지금처럼 – Just Like Now (Chapter 1)

By Zaskia Aruni Makarim (@zaskiarunim)

DO NOT TAKE WITHOUT PERMISSION AND FULL CREDITS, Please leave a comment!

______________________________________________

“Ya! Wookie hyung bantulah kita sedikit!”
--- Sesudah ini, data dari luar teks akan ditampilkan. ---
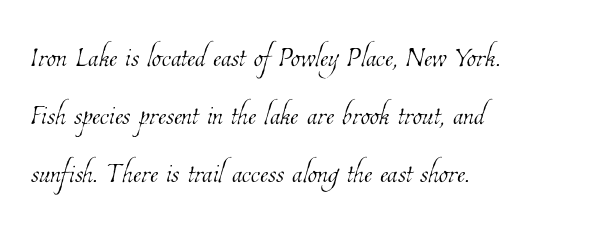
{"bold": "no", "weight": "thin", "width": "condensed", "stroke_contrast": "low", "x_height": "medium", "monospaced": "no", "underline": "no", "align": "left", "line_spacing": "normal", "line_spacing_ratio": 1.52, "letter_spacing": "normal", "letter_spacing_em": 0.0, "glyph_px": 38}
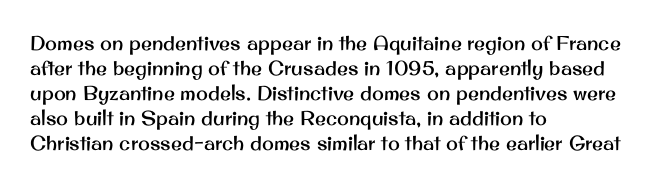
Q: Is the text italic (slanted)? A: No, it is upright.
Q: Is the text underlined? A: No.
Q: How is the paragraph aligned? A: Left-aligned.
Q: Is the spacing between letters normal or unusually wide? A: Normal.
Q: Is the spacing between lines tight, normal or loose? A: Normal.
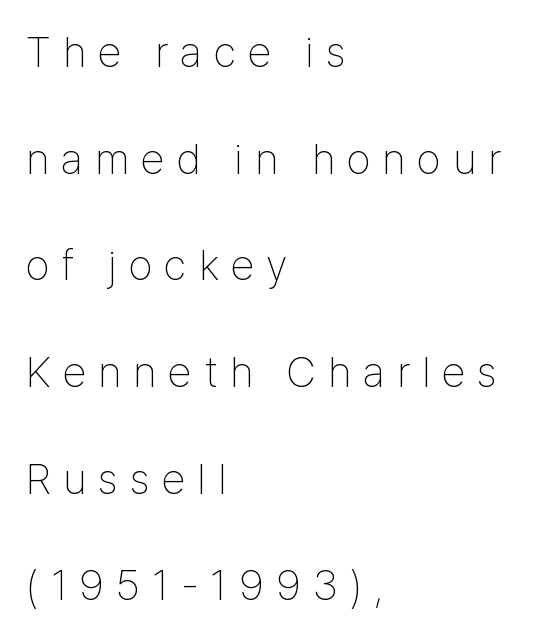
{"serif": "no", "italic": "no", "bold": "no", "weight": "thin", "width": "condensed", "stroke_contrast": "low", "x_height": "medium", "monospaced": "no", "underline": "no", "align": "left", "line_spacing": "loose", "line_spacing_ratio": 2.48, "letter_spacing": "wide", "letter_spacing_em": 0.28, "glyph_px": 43}

Tidak ada jawaban. Menoleh sedikitpun tidak.

“Sudahlah Kyun! Biasanya juga dia gitu kan? Dia lagi latihan dengan pianonya, jangan di ganggu.” Yesung menepuk pundak Kyuhyun.

Mereka dan beberapa puluhan orang lain sedang mempersiapkan musikal terbaru SM Musical yang akan di mulai dua jam lagi.

“Donghae hyung! Aku mau tanya.” Donghae menoleh.

“Mm, itu..” Henry menunjuk laki-laki yang sedang memainkan piano. “Siapa ya hyung?”

Donghae tertawa. “Oh Henry, kamu masih baru sih. Dia itu Ryeowook-ssi, salah satu dari 3 artis musikal yang terkenal. Dia itu super terkenal. Kamu anak baru beruntung bisa satu panggung dengan mereka.”

Henry mengangguk. “Oh, lalu dua lagi siapa?”

“Itu..” Donghae menunjuk orang yang sedang memperhatikan sebuah buket bunga yang ada di tangannya. “namanya Kim Jong Woon, biasanya ia dipanggil Yesung-ssi.”

“Satu lagi yang itu..” Ia menunjuk laki-laki yang sedang di wawancara. “Kyuhyun-ssi.”

“Oh..” Henry mengangguk.

“Oh ya! Aku beri tahu ya, Yesung-ssi itu yang paling ramah di antara mereka bertiga, Ryeowook-ssi memang baik dan perhatian dengan sekitarnya tapi dia ngomong kalau perlu aja, sedangkan Kyuhyun-ssi, dia emang gaul tapi cuma di kalangan dia aja, maksud aku kalangan yang udah senior. Tapi mereka bertiga professional dan serius banget kalau udah kerja, bener bener panutan!”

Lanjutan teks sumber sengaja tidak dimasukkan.